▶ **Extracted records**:
Segment Open

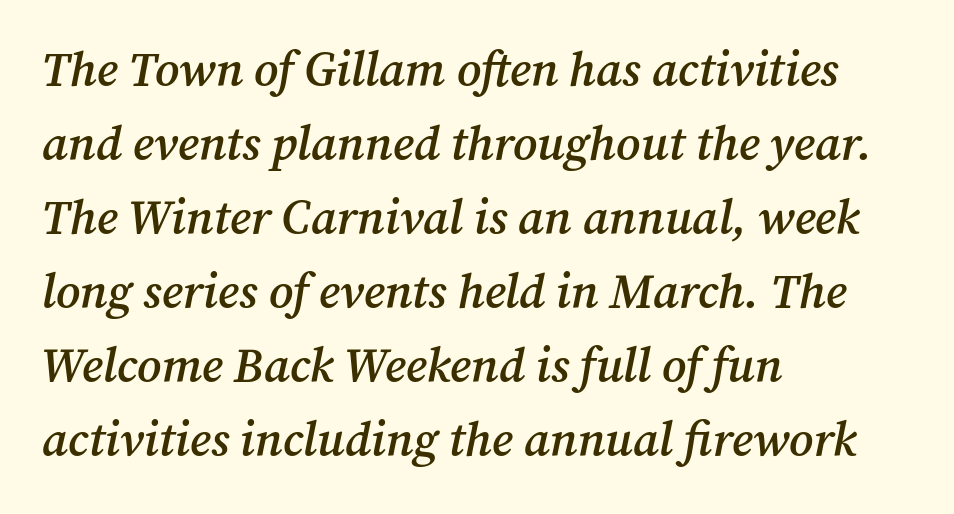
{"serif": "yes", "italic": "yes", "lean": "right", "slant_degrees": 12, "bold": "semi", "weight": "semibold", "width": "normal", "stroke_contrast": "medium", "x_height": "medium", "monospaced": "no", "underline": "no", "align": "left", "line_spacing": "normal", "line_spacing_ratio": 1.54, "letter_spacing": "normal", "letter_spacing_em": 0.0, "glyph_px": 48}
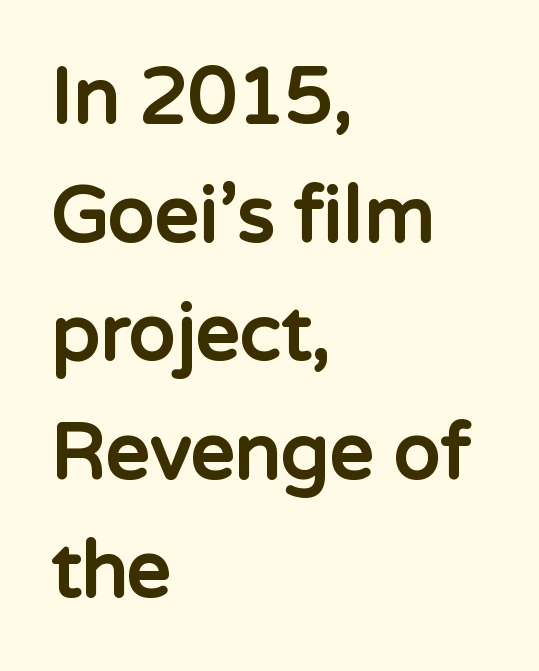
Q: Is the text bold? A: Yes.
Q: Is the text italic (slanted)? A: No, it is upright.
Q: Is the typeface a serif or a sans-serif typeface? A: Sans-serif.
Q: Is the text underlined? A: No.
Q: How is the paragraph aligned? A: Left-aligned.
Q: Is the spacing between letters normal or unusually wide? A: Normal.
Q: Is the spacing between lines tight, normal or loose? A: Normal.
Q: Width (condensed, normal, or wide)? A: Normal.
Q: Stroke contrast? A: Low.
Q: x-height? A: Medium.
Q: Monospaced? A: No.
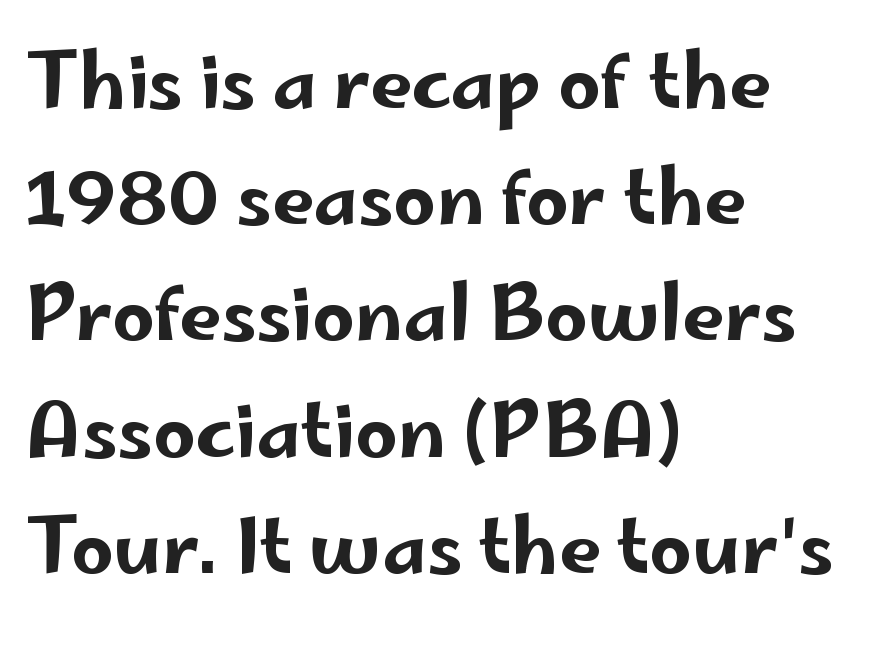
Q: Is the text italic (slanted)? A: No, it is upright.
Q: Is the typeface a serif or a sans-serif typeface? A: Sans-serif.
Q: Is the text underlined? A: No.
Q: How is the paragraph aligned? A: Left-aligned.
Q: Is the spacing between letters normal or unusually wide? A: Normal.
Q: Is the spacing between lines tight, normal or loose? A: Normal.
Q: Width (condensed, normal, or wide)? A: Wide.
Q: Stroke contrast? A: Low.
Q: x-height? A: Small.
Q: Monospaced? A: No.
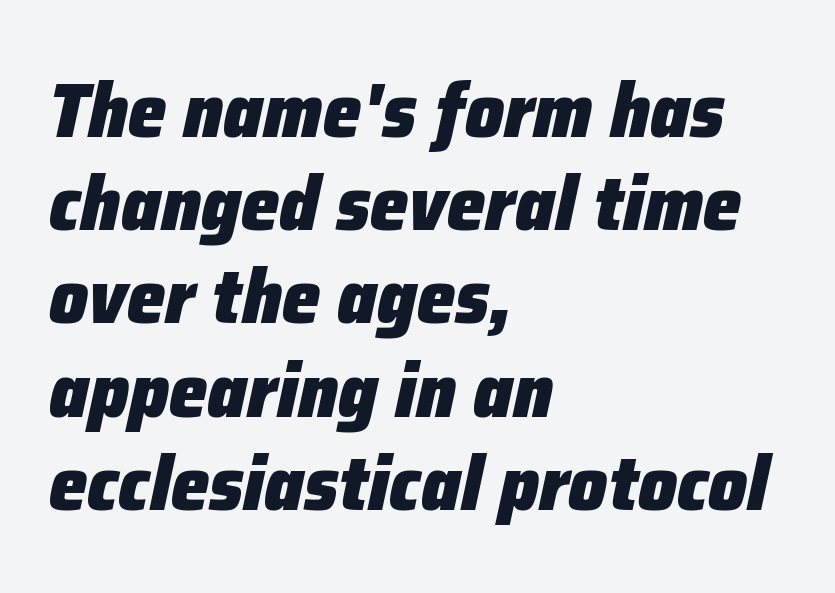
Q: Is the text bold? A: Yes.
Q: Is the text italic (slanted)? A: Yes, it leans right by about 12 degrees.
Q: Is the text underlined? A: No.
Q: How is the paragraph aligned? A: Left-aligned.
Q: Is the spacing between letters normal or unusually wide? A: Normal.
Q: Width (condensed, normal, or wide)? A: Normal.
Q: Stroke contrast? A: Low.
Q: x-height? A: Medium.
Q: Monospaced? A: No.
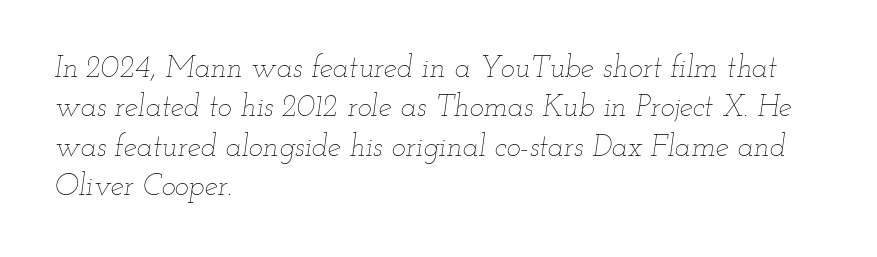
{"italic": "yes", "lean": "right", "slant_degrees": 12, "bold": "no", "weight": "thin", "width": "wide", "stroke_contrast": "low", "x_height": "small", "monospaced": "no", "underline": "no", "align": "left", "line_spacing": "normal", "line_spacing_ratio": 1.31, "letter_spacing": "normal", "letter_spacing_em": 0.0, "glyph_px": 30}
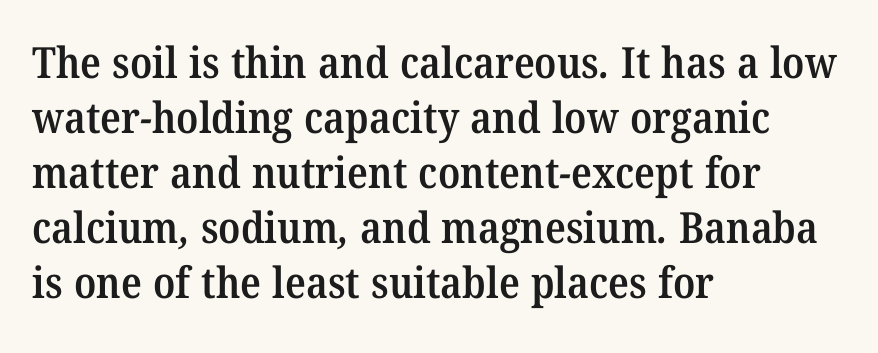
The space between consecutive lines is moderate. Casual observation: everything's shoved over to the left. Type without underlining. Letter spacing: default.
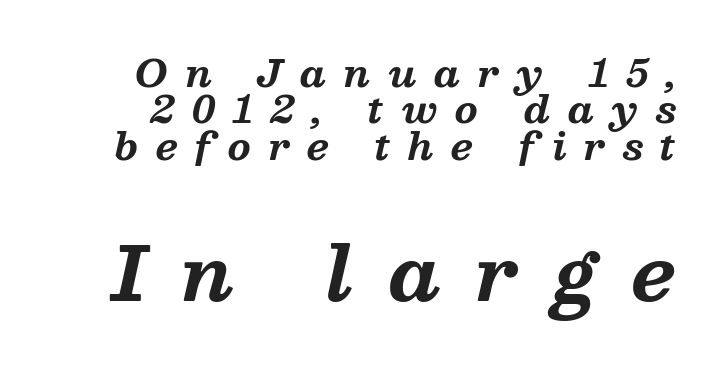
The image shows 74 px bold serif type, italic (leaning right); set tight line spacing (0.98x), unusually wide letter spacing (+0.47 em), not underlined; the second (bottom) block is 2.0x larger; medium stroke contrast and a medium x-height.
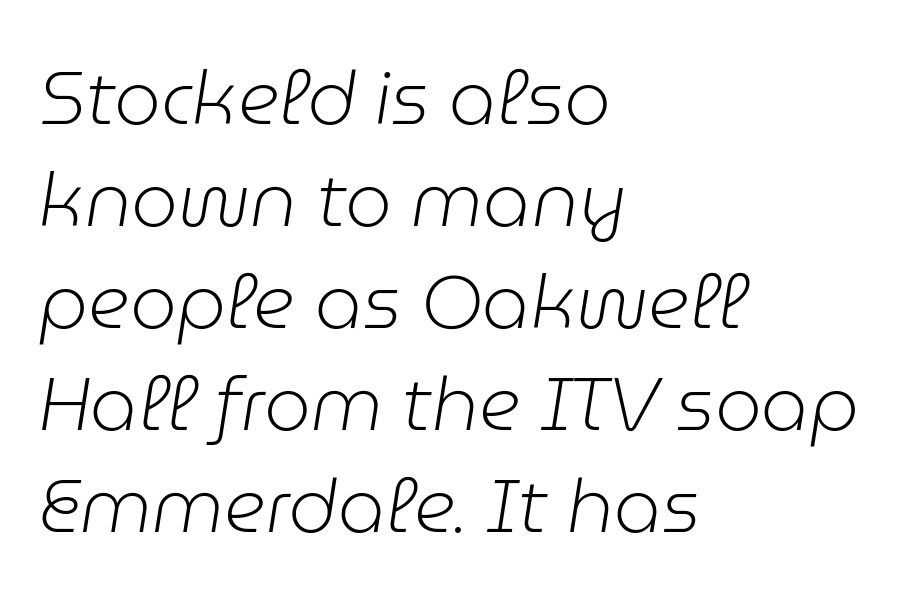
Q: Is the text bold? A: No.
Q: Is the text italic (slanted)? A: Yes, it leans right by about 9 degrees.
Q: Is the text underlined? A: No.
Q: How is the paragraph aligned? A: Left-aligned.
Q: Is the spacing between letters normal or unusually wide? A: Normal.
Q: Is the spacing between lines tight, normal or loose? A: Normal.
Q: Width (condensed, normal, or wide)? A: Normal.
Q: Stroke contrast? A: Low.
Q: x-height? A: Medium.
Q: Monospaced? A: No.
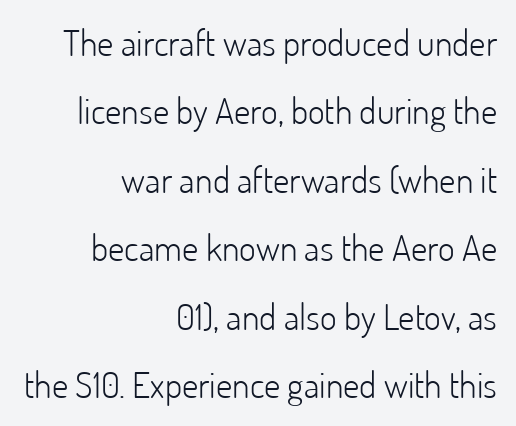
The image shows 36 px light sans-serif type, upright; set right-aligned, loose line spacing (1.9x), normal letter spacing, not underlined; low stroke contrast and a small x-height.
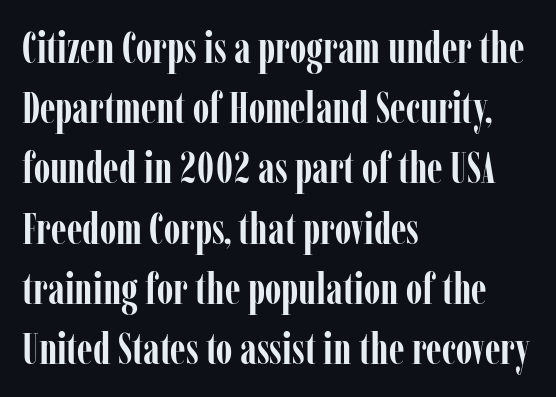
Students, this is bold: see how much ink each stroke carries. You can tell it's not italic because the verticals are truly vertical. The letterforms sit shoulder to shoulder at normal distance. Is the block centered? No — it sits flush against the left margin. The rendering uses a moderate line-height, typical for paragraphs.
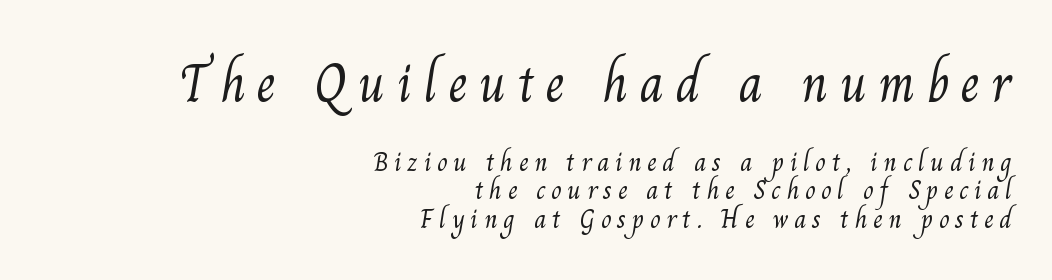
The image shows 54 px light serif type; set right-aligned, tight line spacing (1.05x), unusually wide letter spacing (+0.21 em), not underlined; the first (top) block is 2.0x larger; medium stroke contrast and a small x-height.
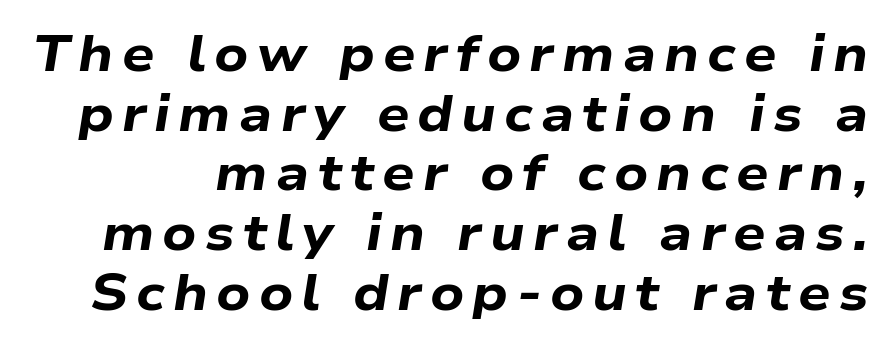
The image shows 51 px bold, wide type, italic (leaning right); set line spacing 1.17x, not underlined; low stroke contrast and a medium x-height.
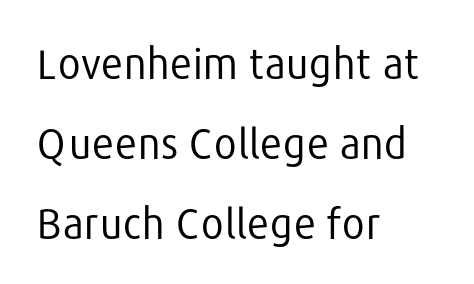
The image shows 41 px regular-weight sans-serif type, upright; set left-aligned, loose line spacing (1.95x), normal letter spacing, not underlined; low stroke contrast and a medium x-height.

Segment Closed

▶ **Your instructions**: Every line above between the one containing "The image shows 36" and the one containing "Students, this is", those two included, is to be printed exactly. No pictures go into the copy.

▶ **Output**:
The image shows 36 px light sans-serif type, upright; set right-aligned, loose line spacing (1.9x), normal letter spacing, not underlined; low stroke contrast and a small x-height.
Students, this is bold: see how much ink each stroke carries. You can tell it's not italic because the verticals are truly vertical. The letterforms sit shoulder to shoulder at normal distance. Is the block centered? No — it sits flush against the left margin. The rendering uses a moderate line-height, typical for paragraphs.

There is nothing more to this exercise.